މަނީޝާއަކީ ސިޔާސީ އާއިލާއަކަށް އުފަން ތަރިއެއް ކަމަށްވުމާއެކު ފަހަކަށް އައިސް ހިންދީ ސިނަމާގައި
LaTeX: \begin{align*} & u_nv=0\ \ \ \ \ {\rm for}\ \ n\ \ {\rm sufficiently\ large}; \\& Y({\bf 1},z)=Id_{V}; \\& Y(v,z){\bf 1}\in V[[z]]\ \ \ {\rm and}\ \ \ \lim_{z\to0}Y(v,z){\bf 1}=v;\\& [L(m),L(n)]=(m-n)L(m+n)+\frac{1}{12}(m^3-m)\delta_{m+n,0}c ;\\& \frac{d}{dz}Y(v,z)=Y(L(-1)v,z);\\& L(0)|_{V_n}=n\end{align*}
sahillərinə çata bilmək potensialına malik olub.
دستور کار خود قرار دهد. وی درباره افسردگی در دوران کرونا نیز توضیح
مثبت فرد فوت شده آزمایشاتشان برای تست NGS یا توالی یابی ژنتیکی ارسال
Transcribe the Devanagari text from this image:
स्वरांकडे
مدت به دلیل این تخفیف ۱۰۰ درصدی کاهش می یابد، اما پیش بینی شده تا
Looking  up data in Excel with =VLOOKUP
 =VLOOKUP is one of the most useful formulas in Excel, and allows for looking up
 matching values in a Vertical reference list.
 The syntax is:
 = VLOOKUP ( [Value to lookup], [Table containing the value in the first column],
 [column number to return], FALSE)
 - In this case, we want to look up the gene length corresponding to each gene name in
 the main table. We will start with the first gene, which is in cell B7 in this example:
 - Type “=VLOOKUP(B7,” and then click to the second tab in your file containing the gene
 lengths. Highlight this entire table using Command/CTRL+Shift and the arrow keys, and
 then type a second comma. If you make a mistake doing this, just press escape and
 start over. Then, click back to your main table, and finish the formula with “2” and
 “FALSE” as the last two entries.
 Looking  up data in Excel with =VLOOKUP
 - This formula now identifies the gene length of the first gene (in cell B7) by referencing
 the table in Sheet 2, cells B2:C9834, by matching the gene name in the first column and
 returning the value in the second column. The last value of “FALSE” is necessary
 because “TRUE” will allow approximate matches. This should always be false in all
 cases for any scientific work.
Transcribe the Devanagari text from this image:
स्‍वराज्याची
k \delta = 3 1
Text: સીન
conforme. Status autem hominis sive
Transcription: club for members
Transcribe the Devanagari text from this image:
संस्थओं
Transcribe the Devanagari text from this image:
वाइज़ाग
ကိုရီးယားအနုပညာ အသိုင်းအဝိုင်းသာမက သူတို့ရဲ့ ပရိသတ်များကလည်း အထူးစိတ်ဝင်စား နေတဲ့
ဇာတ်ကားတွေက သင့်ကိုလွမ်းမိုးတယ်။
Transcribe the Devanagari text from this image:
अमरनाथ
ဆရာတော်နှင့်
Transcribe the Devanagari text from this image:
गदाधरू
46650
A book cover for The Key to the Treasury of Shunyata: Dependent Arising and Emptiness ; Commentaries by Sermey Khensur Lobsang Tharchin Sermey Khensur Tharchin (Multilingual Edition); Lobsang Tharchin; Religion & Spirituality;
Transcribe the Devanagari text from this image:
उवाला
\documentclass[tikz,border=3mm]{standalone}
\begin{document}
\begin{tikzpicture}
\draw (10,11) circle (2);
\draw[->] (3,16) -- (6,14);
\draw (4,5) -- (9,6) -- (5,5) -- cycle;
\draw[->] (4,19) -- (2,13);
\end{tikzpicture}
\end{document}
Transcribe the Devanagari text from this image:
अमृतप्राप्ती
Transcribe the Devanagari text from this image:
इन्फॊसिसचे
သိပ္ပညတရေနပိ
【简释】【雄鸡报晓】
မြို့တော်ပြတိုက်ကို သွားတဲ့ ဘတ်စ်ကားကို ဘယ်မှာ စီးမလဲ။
============================================================
- [Assigned task]
From the line that contains "A book cover" through the final line of the entries above, every line must be reproduced exactly and nothing more.

- [Response to this task]
A book cover for The Key to the Treasury of Shunyata: Dependent Arising and Emptiness ; Commentaries by Sermey Khensur Lobsang Tharchin Sermey Khensur Tharchin (Multilingual Edition); Lobsang Tharchin; Religion & Spirituality;
Transcribe the Devanagari text from this image:
उवाला
\documentclass[tikz,border=3mm]{standalone}
\begin{document}
\begin{tikzpicture}
\draw (10,11) circle (2);
\draw[->] (3,16) -- (6,14);
\draw (4,5) -- (9,6) -- (5,5) -- cycle;
\draw[->] (4,19) -- (2,13);
\end{tikzpicture}
\end{document}
Transcribe the Devanagari text from this image:
अमृतप्राप्ती
Transcribe the Devanagari text from this image:
इन्फॊसिसचे
သိပ္ပညတရေနပိ
【简释】【雄鸡报晓】
မြို့တော်ပြတိုက်ကို သွားတဲ့ ဘတ်စ်ကားကို ဘယ်မှာ စီးမလဲ။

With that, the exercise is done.